We have versatile payment options for care and strive make our payment plans straightforward.
Your initial visit examination, diagnosis report and initial trial treatment visit is highly specific. If the doctor accepts you as a patient, your treatment plan options and costs will be discussed.
Many insurances will help cover some of your costs, and we will get that verified when you bring in your insurance and/or medicare cards.
Please note: We do not accept MedicAID and some other insurances and you would be self-pay. Please inquire when you call for your appointment (303) 989-0255.
Price Transparency & Estimates
Our office is committed to providing meaningful pricing information to our patients so they are able to make informed health care decisions.
Our office encourages patients who currently have private health insurance or Medicare to contact their health insurance carriers to understand their financial responsibilities for health care services provided at Our office. We encourages patients not covered by private health insurance, Medicare and plan to pay for health care services directly to contact our office (303) 989-0255
What is price transparency? Doctors, hospitals, health plans and consumer groups agree prices should be easier for patients to access in order to better understand costs associated with health care services. Price transparency is a means of providing general estimated cost information on common services. Our office is committed to presenting this information in a way that is easy for patients to access, but encourages all self-pay patients to contact our office to fully understand all costs associated with receiving health care services here. What does “self-pay” mean? Self-pay is a term used to describe a situation in which a patient chooses to pay for hospital or clinic services directly rather than using a private health insurance plan, Medicare. Other common terms used when referring to self-pay are “uninsured patients” and “private pay.” Self-pay does not include charity care programs. Self-pay may include time of service discounts as allowed.
What services are included in my bill estimate? In the estimates provided below, the information shows costs patients will pay to receive care here. Professional chiropractic fees are included in the price estimates. Additional items NOT included in the price estimate are:
Supplements prescribed for your use after the services Medical devices Home medical devices Other services such as rehabilitation or home health instructions Can I still negotiate a discount for prompt-pay? In accordance with regulations. Do you have discounts for prepay plans? Yes, in accordance with the chiropractic board regulations. What if the service I need is not listed on this website? Please call our financial counseling department at 303-989-0255 for more information.
Can I get an exact pricing quote? Unfortunately, we cannot provide exact price quotes, but will do its best to provide price ranges based on the hospital's historical pricing for comparable services. All estimates are based on information provided by a prospective payment and do not include, among other things, any unforeseen complications, additional tests or procedures, and non-hospital related charges, any of which may increase the overall cost of the services provided. A final bill for services rendered here may differ from the information provided by this website, and we shall not be liable for any differences.

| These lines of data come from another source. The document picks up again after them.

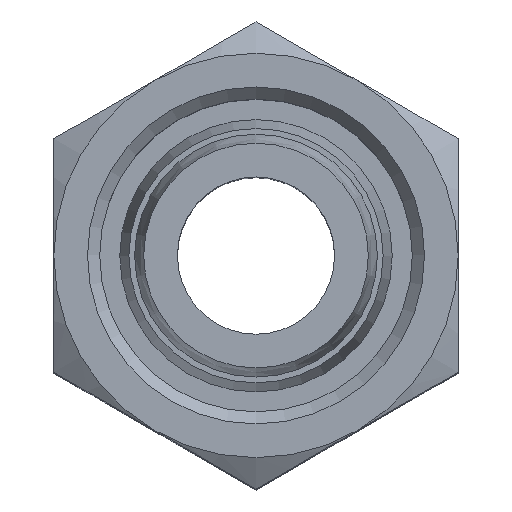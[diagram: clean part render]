
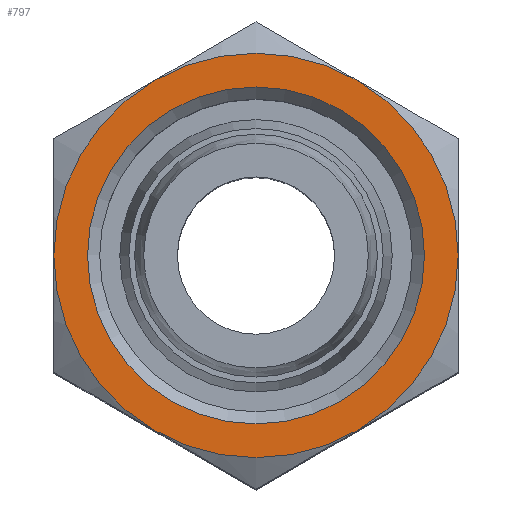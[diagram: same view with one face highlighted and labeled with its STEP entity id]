
A CAD part, top view. The second image highlights one B-rep face of the part: STEP entity #797.
In plain terms, the highlighted planar face has unit normal (0, 0, 1).
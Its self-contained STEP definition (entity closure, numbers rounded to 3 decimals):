
#50=PLANE('',#895);
#86=CIRCLE('',#874,18.);
#87=CIRCLE('',#876,18.);
#88=CIRCLE('',#878,18.);
#89=CIRCLE('',#880,18.);
#90=CIRCLE('',#882,18.);
#96=CIRCLE('',#894,18.);
#97=CIRCLE('',#896,15.);
#191=ORIENTED_EDGE('',*,*,#407,.T.);
#192=ORIENTED_EDGE('',*,*,#405,.F.);
#193=ORIENTED_EDGE('',*,*,#378,.F.);
#194=ORIENTED_EDGE('',*,*,#376,.F.);
#195=ORIENTED_EDGE('',*,*,#387,.F.);
#196=ORIENTED_EDGE('',*,*,#384,.F.);
#197=ORIENTED_EDGE('',*,*,#381,.F.);
#376=EDGE_CURVE('',#472,#471,#86,.T.);
#378=EDGE_CURVE('',#471,#474,#87,.T.);
#381=EDGE_CURVE('',#475,#477,#88,.T.);
#384=EDGE_CURVE('',#477,#479,#89,.T.);
#387=EDGE_CURVE('',#479,#472,#90,.T.);
#405=EDGE_CURVE('',#474,#475,#96,.T.);
#407=EDGE_CURVE('',#493,#493,#97,.T.);
#471=VERTEX_POINT('',#1352);
#472=VERTEX_POINT('',#1358);
#474=VERTEX_POINT('',#1367);
#475=VERTEX_POINT('',#1378);
#477=VERTEX_POINT('',#1381);
#479=VERTEX_POINT('',#1393);
#493=VERTEX_POINT('',#1488);
#589=EDGE_LOOP('',(#191));
#590=EDGE_LOOP('',(#192,#193,#194,#195,#196,#197));
#677=FACE_BOUND('',#589,.T.);
#678=FACE_BOUND('',#590,.T.);
#797=ADVANCED_FACE('',(#677,#678),#50,.T.);
#874=AXIS2_PLACEMENT_3D('',#1359,#1011,#1012);
#876=AXIS2_PLACEMENT_3D('',#1366,#1015,#1016);
#878=AXIS2_PLACEMENT_3D('',#1380,#1019,#1020);
#880=AXIS2_PLACEMENT_3D('',#1392,#1023,#1024);
#882=AXIS2_PLACEMENT_3D('',#1405,#1027,#1028);
#894=AXIS2_PLACEMENT_3D('',#1481,#1051,#1052);
#895=AXIS2_PLACEMENT_3D('',#1486,#1053,#1054);
#896=AXIS2_PLACEMENT_3D('',#1487,#1055,#1056);
#1011=DIRECTION('',(0.,0.,-1.));
#1012=DIRECTION('',(0.,1.,0.));
#1015=DIRECTION('',(0.,0.,-1.));
#1016=DIRECTION('',(0.,1.,0.));
#1019=DIRECTION('',(0.,0.,-1.));
#1020=DIRECTION('',(0.,1.,0.));
#1023=DIRECTION('',(0.,0.,-1.));
#1024=DIRECTION('',(0.,1.,0.));
#1027=DIRECTION('',(0.,0.,-1.));
#1028=DIRECTION('',(0.,1.,0.));
#1051=DIRECTION('',(0.,0.,-1.));
#1052=DIRECTION('',(0.,1.,0.));
#1053=DIRECTION('',(0.,0.,1.));
#1054=DIRECTION('',(0.,-1.,0.));
#1055=DIRECTION('',(0.,0.,-1.));
#1056=DIRECTION('',(0.,1.,0.));
#1352=CARTESIAN_POINT('',(-18.,0.,2.5));
#1358=CARTESIAN_POINT('',(-9.,-15.588,2.5));
#1359=CARTESIAN_POINT('',(0.,0.,2.5));
#1366=CARTESIAN_POINT('',(0.,0.,2.5));
#1367=CARTESIAN_POINT('',(-9.,15.588,2.5));
#1378=CARTESIAN_POINT('',(9.,15.588,2.5));
#1380=CARTESIAN_POINT('',(0.,0.,2.5));
#1381=CARTESIAN_POINT('',(18.,0.,2.5));
#1392=CARTESIAN_POINT('',(0.,0.,2.5));
#1393=CARTESIAN_POINT('',(9.,-15.588,2.5));
#1405=CARTESIAN_POINT('',(0.,0.,2.5));
#1481=CARTESIAN_POINT('',(0.,0.,2.5));
#1486=CARTESIAN_POINT('',(0.,18.,2.5));
#1487=CARTESIAN_POINT('',(0.,0.,2.5));
#1488=CARTESIAN_POINT('',(0.,15.,2.5));

Good Faith Estimate: Understanding Your Hospital Billing Rights as a Patient Under a new federal law effective January 2022, health care providers will – upon scheduling or request – provide self-pay, uninsured patients and patients who are not using certain types of health care coverage, an estimate of their bill for health care items and services before those items or services are provided. Please read the document attached for full details of your billing rights as a patient. The actual charges may differ from the information published here for many reasons, including but not limited to:
Seriousness of the medical condition Duration of the care Services and supplies actually received Any complications the patient may have Additional tests or procedures the provider orders
If the patient has insurance, the insurance benefits will ultimately determine the amount the patient will owe to the facility (including deductibles, co-pay, co-insurance and out-of-pocket maximums). We strongly encourage the patient to consult with their health insurance company to understand the amount the patient may owe. We cannot guarantee that we receive accurate details of your chiropractic benefits of your insurance and your insurance company contracts with "networks" to restrict coverage and we cannot guarantee that they cover every aspect promised by your original policy.
We are required to post our top 15 code charges as effective to the date of this publication:
We offer treatments for which we do not accept any insurance whatsoever. These services are self-pay:
S5190-GY Initial Assessment provided by Chiropractor $59
S8990-GY Chiropractic Maintenance Visit (Adult) $55
S8990-GY Chiropractic Maintenance Visit (Minor) $45
S9090-GY Vertebral Axial Spinal or Extremity Decompression $55 (or $20 if adjacent therapy to maintenance or other visit).
S8948-GY Cold Laser $55 (or $20 if adjacent therapy to maintenance or other visit).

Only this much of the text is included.